Dłoń Aizawy unosiła się w powietrzu, jakby nie dotarło do niego, co się stało. Nie wiedział, czemu ją dotknął, dlaczego ona tak zareagowała. Opuścił wolno rękę, mając jeszcze nadzieję, że Kirie chwyci ją i ponownie się w nią wtuli. Spojrzał na mocno zaczerwienioną kobietę, uznając, że na zawstydzenie reagowała tak samo jak przed laty.

- To bardzo nieodpowiedzialne - powiedziała, drugi raz tego dnia unikając jego spojrzenia. - Śpisz sobie, kiedy uczniowie robią, co chcą?

- Wykonywali zadanie - odpowiedział. No tak... dla niego to przecież było codziennością. - Przyszłaś rozmawiać o tym, jak nauczam? - spytał z lekką kąśliwością.

Haruna pokręciła głową, krzyżując ręce na piersiach, nieco się jeszcze od niego odsuwając.

- Oczywiście, że nie - prychnęła. - Byłam u dyrektora, prosząc o wyjście z Eri poza U.A. do wesołego miasteczka i...

- Odmawiam.

Przez moment kobieta nie była pewna, czy kierował to słowo do niej. Dlaczego miałby się nie zgadzać, by dziecko nie korzystało z życia i cieszyło się takimi drobnostkami?

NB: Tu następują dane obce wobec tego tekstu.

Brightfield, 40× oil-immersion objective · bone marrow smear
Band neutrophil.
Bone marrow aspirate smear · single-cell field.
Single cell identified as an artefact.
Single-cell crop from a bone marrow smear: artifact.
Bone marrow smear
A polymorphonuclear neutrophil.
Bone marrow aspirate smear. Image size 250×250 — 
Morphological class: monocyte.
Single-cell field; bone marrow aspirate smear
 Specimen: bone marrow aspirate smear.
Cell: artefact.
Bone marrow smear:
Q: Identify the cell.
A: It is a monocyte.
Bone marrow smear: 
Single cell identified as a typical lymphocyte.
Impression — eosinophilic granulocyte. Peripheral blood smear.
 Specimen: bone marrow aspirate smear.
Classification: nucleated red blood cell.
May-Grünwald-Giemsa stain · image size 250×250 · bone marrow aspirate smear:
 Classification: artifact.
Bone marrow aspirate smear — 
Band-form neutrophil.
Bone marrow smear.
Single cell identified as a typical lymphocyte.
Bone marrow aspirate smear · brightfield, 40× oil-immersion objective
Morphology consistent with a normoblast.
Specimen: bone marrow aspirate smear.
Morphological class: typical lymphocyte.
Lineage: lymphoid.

- Ale dlaczego? - oburzyła się, nerwowo tupiąc obcasem. - Dyrektor nie ma żadnych obiekcji, o ile... ty pójdziesz z nami. - Aizawa zmrużył oczy. - Myślałam, że takie wyjście zrobi dobrze Eri. Chciałam zabrać ją, Togatę i ciebie. Tobie też zresztą by się przydało. - Ostatnie słowa wypowiedziała ciszej, ale mężczyzna doskonale ją słyszał.

- Mnie? O czym ty...

- Nie wiedziałam, że będąc bohaterem, traci się swoje człowieczeństwo - przerwała mu, mierząc go surowym, wręcz karcącym spojrzeniem. - Hizashi powiedział mi, że ciągle albo nauczasz albo pracujesz, ledwo znajdujesz czas na odpoczynek czy rozrywkę. Ja... - zawahała się - nie jestem zła, że nie mogliśmy wyjść razem, ale czy teraz odmówisz? 

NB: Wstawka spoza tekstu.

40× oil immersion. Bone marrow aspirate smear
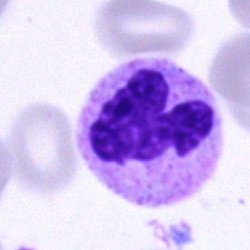

Morphology consistent with a segmented neutrophil.
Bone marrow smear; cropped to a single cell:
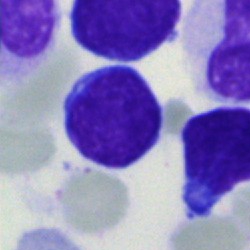

Q: Which cell type is shown here?
A: This is a typical lymphocyte.
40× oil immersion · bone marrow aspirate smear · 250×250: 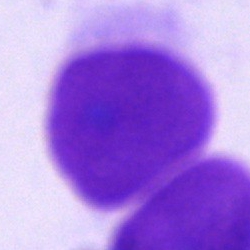
An artefact.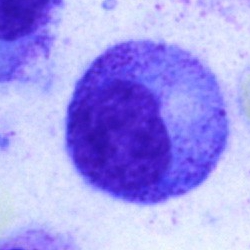 Bone marrow smear showing a progranulocyte.
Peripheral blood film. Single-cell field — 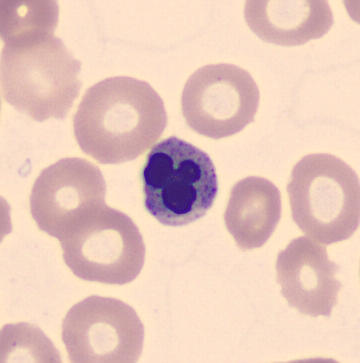Q: What is this?
A: An erythroblast.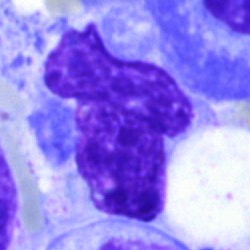 Cell type = artifact.
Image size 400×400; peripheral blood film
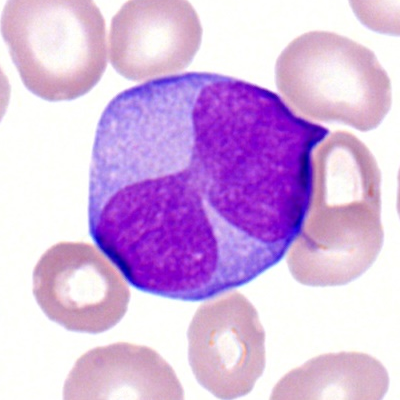 Impression — promyelocyte (bilobed).
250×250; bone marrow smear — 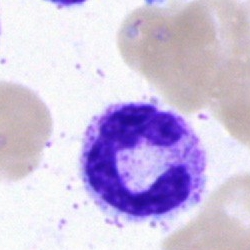
Cell type — neutrophil (segmented).
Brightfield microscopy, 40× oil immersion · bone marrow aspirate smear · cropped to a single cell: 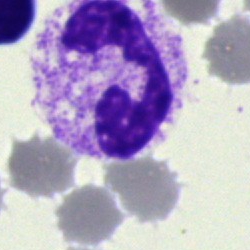

Specimen: bone marrow aspirate smear.
Classification: neutrophil (segmented).
Lineage: myeloid.

Znowu te gierki manipulacyjne, przez które człowiek w interakcji z Kirie odczuwałby wyrzuty sumienia. Z rozbawieniem musiał przyznać przed samym sobą, że wpadł w pułapkę już w swojej klasie, bo tak naprawdę Haruna nie wystraszyła się, widząc go w śpiworze. Będąc razem w klasie w liceum, znała go z tej strony, że potrafił spać wszędzie. Zagrała tak przed jego uczniami oraz nim samym, by łatwiej było jej przekonać go do zgody na wyjście. Nie cierpiał jej za to. A siebie jeszcze bardziej, bo dał się złapać. 

Westchnął, chowając ręce do kieszeni czarnych spodni. Nie byli dziećmi, a jednak miał ochotę zdzielić ją w łeb. Sam sobie był winny, tak łatwo wpadł w sidła jej podstępu.

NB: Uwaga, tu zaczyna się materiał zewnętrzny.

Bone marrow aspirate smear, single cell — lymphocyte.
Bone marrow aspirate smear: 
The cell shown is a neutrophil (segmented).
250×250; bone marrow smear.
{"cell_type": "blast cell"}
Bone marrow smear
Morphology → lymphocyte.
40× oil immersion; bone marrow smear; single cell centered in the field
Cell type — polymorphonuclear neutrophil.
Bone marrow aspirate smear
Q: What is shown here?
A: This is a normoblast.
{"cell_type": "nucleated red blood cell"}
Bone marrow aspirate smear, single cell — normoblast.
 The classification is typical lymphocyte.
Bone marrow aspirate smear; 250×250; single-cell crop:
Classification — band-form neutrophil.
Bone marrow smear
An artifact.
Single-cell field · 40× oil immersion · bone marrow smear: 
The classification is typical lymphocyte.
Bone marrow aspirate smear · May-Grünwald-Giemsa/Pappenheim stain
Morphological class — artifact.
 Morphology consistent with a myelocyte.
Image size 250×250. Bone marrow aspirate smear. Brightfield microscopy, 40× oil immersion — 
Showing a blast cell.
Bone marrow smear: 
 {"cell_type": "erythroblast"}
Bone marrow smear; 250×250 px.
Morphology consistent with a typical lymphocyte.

- Niech ci będzie - przyznał niechętnie, a dostrzegając iskry w miętowych oczach, jeszcze bardziej pożałował swojej decyzji. - Zdajesz sobie sprawę, że U.A. prowadzi sześciotygodniowy plan zajęć i wyjść możemy dopiero, jak skończę zajęcia? - Nie ostudziło to zapału kobiety, przypominającej swoją młodszą wersję. To trochę rozczuliło Aizawę, bo położył dłoń na czubku jej głowy, delikatnie mierzwiąc ciemne włosy. - Nie podziękowałem ci jeszcze za tamtą paczkę.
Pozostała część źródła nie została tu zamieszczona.